> **What is required**
Extract each line holding the word "translate" from the entries.

> **Given data**
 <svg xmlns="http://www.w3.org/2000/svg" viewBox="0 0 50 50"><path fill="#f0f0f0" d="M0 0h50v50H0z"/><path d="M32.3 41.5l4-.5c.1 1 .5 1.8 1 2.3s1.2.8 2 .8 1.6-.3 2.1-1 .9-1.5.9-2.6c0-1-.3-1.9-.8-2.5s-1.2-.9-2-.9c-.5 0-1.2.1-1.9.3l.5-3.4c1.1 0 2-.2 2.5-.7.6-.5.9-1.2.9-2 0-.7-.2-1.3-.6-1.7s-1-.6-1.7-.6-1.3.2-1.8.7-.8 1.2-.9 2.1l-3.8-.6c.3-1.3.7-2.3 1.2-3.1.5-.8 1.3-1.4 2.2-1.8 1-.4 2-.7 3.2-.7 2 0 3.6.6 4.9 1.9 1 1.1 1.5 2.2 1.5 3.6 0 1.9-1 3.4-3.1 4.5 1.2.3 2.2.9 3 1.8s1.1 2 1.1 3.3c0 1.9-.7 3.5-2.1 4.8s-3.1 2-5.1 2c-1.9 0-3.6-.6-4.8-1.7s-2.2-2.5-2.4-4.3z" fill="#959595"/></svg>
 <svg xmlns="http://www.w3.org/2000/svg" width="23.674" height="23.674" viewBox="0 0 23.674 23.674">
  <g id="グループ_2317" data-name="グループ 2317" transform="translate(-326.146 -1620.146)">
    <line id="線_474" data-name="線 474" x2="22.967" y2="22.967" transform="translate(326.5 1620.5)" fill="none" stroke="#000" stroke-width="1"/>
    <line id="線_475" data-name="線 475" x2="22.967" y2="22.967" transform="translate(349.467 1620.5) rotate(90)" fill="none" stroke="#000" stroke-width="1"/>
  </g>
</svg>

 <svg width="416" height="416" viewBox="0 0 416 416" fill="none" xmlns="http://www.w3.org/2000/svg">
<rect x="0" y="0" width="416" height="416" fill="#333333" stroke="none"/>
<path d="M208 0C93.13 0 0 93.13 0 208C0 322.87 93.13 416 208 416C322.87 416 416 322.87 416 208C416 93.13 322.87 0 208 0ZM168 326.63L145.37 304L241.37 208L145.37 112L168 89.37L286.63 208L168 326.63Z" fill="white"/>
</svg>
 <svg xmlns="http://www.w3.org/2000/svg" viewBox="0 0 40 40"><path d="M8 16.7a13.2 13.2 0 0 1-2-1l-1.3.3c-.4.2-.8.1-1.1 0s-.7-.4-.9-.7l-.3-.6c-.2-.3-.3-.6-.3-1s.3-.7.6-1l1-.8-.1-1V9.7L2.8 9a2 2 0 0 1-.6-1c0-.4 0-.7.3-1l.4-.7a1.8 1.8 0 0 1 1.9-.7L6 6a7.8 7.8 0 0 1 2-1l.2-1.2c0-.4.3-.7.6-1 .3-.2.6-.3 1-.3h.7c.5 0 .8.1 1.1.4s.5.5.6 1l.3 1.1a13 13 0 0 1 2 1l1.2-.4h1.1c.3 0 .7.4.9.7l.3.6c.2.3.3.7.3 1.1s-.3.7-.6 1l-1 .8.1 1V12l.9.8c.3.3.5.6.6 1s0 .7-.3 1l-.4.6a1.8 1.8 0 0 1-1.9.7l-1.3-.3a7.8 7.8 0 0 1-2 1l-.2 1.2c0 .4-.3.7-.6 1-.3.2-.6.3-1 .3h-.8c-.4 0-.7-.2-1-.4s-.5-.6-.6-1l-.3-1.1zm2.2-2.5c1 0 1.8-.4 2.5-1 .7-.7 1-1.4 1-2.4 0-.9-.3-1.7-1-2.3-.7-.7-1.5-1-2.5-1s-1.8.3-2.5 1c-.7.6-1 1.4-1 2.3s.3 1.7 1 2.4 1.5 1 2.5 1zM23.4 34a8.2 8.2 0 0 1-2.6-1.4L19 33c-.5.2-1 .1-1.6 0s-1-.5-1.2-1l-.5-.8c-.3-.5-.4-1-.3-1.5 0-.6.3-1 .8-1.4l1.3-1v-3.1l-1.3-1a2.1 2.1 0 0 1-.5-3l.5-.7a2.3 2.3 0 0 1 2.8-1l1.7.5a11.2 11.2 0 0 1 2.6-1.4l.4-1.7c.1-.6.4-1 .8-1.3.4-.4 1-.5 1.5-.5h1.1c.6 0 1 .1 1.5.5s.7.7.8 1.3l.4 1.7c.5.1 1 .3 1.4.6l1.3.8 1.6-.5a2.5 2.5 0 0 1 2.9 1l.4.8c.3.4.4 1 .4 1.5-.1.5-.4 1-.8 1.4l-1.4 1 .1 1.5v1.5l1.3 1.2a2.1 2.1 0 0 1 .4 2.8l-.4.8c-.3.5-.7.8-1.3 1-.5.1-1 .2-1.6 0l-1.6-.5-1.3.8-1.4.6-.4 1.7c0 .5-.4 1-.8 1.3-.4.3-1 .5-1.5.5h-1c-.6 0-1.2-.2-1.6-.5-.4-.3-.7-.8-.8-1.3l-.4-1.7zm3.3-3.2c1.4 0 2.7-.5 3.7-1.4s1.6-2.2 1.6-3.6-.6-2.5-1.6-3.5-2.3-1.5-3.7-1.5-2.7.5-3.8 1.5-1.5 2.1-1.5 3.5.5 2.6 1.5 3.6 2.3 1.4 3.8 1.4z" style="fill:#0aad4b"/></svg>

> **Your solution**
  <g id="グループ_2317" data-name="グループ 2317" transform="translate(-326.146 -1620.146)">
    <line id="線_474" data-name="線 474" x2="22.967" y2="22.967" transform="translate(326.5 1620.5)" fill="none" stroke="#000" stroke-width="1"/>
    <line id="線_475" data-name="線 475" x2="22.967" y2="22.967" transform="translate(349.467 1620.5) rotate(90)" fill="none" stroke="#000" stroke-width="1"/>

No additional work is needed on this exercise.